L'8 gennaio (nuovo calendario) da Berlino veniva comunicato ai giornali svizzeri: «Negli ultimi tempi i giornali hanno più volte pub­blicato notizie di pacifici tentativi di ravvicinamento fra le trincee te­desche e francesi. La Tagliche Rundschau comunica che un ordine del­l'esercito del 29 dicembre proibisce la fraternizzazione e in generale ogni avvicinamento col nemico nelle trincee; la violazione di quest'or­dine sarà punita come alto tradimento».

Dunque, la fraternizzazione e i tentativi di avvicinamento sono un fatto. Il comando militare della Germania se ne preoccupa, dunque gli attribuisce un serio significato. Il giornale operaio inglese Labour leader del 7 gennaio 1915 riporta una serie di citazioni tratte da gior­nali borghesi inglesi che attestano casi di fraternizzazione fra soldati in­glesi e tedeschi, che hanno organizzato per Natale un «armistizio di quarant'otto ore», si sono amichevolmente incontrati a metà strada fra le due trincee, ecc. Il comando militare britannico ha proibito la fra­ternizzazione con un ordine speciale.

E intanto sulla stampa gli oppor­tunisti socialisti e i loro difensori (o servi?) cercavano (come Kautsky) di persuadere gli operai - con aria di sufficienza e con la tranquilla consapevolezza che la censura militare li avrebbe protetti da ogni smentita - che gli accordi fra i socialisti dei paesi belligeranti per un'azione contro la guerra erano impossibili (espressione letterale di Kautsky nella Neue Zeit)!!

Immaginate che Hyndman, Guesde, Vandervelde, Plekhanov, Kautsky, ecc., invece di dedicarsi, come fanno adesso, alla complicità con la borghesia, avessero costituito un comitato internazionale di agi­tazione per la «fraternizzazione e i tentativi di ravvicinamento» fra i socialisti dei paesi belligeranti, sia «nelle trincee», sia nell'esercito in generale.
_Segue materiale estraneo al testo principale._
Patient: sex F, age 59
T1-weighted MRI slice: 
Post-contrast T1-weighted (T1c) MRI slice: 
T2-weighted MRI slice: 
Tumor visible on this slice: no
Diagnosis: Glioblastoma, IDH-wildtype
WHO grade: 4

Quali sarebbero stati i risultati dopo alcuni mesi, se adesso, a sei mesi dall'inizio della guerra, contro la volontà di tutti i papaveri, i capi e le stelle di prima grandezza, che hanno tradito il socialismo, si sviluppa dappertutto l'opposizione contro coloro che hanno votato i crediti e contro i cacciatori di poltrone ministeriali, mentre il comando militare minaccia la pena di morte per la «fraternizzazione»!
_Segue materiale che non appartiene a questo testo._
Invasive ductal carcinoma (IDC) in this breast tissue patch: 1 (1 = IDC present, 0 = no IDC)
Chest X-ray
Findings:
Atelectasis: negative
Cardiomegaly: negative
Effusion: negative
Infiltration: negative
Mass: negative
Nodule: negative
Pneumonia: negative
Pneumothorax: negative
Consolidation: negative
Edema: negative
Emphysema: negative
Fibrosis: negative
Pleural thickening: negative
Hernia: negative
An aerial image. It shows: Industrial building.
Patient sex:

«Praticamente la questione è una sola: la vittoria o la sconfitta del proprio paese», scriveva il servo degli opportunisti Kautsky, all'unisono con Guesde, Plekhanov e soci. Si, se si dimentica il socia­lismo e la lotta di classe, questo è vero. Ma se non si dimentica il socialismo, questo è falso: c'è un'altra questione pratica.

Perire nella guerra fra gli schiavisti, restando uno schiavo cieco e impotente, o perire compiendo dei «tentativi di fraternizzazione» fra gli schiavi per rovesciare la schiavitù?

Ecco qual è, in realtà, la questione «pratica».

Sotsial-Demokrat, n. 40, 29 marzo 1915.

In Lenin, Opere Complete, vol. 21, Editori Riuniti, Roma, 1966, pp. 160-161

 



[i] Alberto Del Bono, La tregua di Natale. Lettere dal fronte, Lindau, Torino, novembre 2014.